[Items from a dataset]
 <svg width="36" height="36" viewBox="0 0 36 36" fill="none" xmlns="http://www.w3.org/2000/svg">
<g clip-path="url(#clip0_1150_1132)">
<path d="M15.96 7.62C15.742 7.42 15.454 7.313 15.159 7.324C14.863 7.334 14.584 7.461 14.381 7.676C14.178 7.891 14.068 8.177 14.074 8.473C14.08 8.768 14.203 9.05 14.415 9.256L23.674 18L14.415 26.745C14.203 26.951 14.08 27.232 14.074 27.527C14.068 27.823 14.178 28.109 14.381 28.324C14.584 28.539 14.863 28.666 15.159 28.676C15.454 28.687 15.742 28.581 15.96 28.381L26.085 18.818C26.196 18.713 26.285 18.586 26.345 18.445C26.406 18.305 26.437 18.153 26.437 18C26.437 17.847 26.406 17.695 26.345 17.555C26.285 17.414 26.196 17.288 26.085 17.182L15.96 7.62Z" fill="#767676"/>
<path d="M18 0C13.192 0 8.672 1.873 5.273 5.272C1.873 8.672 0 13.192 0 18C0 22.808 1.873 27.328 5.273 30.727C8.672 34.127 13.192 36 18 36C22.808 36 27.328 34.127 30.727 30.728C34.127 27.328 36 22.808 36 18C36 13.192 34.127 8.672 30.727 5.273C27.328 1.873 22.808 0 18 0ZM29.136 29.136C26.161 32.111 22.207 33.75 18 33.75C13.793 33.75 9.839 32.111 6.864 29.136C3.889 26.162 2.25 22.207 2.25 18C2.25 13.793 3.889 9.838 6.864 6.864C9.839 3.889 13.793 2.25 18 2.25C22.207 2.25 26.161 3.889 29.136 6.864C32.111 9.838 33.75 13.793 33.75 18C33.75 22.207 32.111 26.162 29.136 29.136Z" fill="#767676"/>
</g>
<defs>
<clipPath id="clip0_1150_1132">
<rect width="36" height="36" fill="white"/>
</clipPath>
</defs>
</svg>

- Problem to solve
Check each line of the records above, and copy those that hold the word "height".

- Answer to this exercise
 <svg width="36" height="36" viewBox="0 0 36 36" fill="none" xmlns="http://www.w3.org/2000/svg">
<rect width="36" height="36" fill="white"/>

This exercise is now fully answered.